Problem details |
Quote all of the data that follows exactly as written, skipping the images.
------ Recorded information
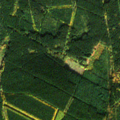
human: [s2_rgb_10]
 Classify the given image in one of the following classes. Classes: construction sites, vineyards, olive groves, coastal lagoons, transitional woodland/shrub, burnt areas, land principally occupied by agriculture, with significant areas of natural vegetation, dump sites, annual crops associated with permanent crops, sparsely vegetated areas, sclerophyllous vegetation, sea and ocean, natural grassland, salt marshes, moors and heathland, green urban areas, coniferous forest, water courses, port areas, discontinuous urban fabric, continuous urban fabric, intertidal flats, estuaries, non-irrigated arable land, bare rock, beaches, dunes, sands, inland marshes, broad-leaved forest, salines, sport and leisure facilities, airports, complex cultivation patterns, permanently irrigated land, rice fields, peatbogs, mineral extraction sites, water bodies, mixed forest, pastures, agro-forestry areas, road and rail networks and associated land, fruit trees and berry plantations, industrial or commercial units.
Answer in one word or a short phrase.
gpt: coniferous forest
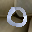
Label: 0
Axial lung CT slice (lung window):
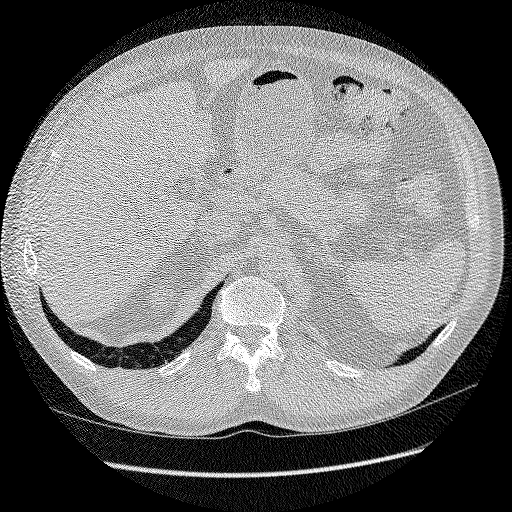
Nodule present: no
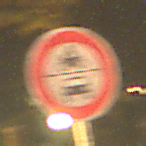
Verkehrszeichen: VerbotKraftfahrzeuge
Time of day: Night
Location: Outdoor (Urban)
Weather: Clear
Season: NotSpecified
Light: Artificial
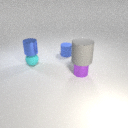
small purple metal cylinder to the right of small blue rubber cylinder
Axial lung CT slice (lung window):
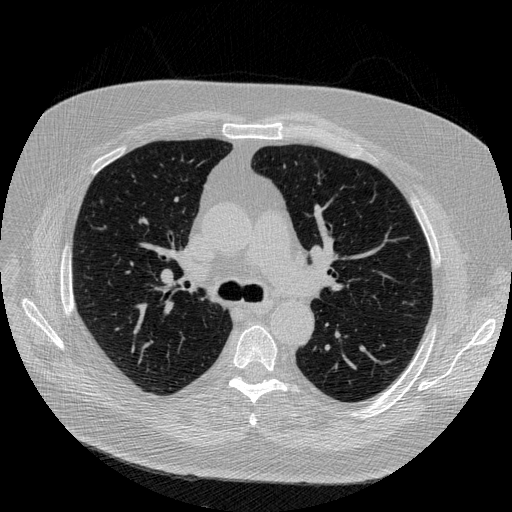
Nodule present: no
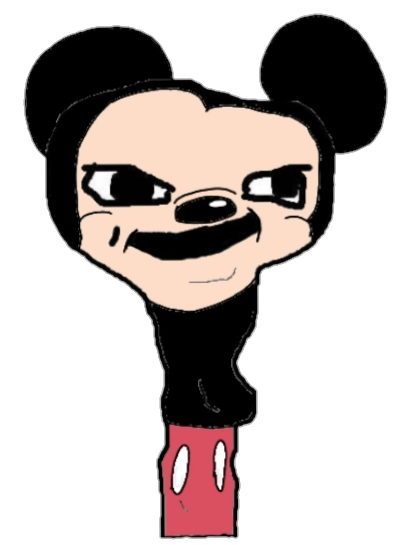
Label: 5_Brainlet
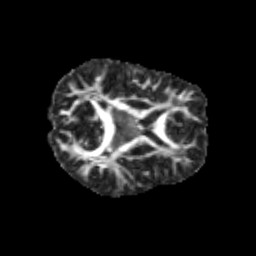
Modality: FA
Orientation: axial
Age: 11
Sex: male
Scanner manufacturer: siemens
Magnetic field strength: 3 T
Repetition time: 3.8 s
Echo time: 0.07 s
------------
Response area |
human: [s2_rgb_10]
 Classify the given image in one of the following classes. Classes: construction sites, vineyards, olive groves, coastal lagoons, transitional woodland/shrub, burnt areas, land principally occupied by agriculture, with significant areas of natural vegetation, dump sites, annual crops associated with permanent crops, sparsely vegetated areas, sclerophyllous vegetation, sea and ocean, natural grassland, salt marshes, moors and heathland, green urban areas, coniferous forest, water courses, port areas, discontinuous urban fabric, continuous urban fabric, intertidal flats, estuaries, non-irrigated arable land, bare rock, beaches, dunes, sands, inland marshes, broad-leaved forest, salines, sport and leisure facilities, airports, complex cultivation patterns, permanently irrigated land, rice fields, peatbogs, mineral extraction sites, water bodies, mixed forest, pastures, agro-forestry areas, road and rail networks and associated land, fruit trees and berry plantations, industrial or commercial units.
Answer in one word or a short phrase.
gpt: coniferous forest
Label: 0
Axial lung CT slice (lung window):
Nodule present: no
Verkehrszeichen: VerbotKraftfahrzeuge
Time of day: Night
Location: Outdoor (Urban)
Weather: Clear
Season: NotSpecified
Light: Artificial
small purple metal cylinder to the right of small blue rubber cylinder
Axial lung CT slice (lung window):
Nodule present: no
Label: 5_Brainlet
Modality: FA
Orientation: axial
Age: 11
Sex: male
Scanner manufacturer: siemens
Magnetic field strength: 3 T
Repetition time: 3.8 s
Echo time: 0.07 s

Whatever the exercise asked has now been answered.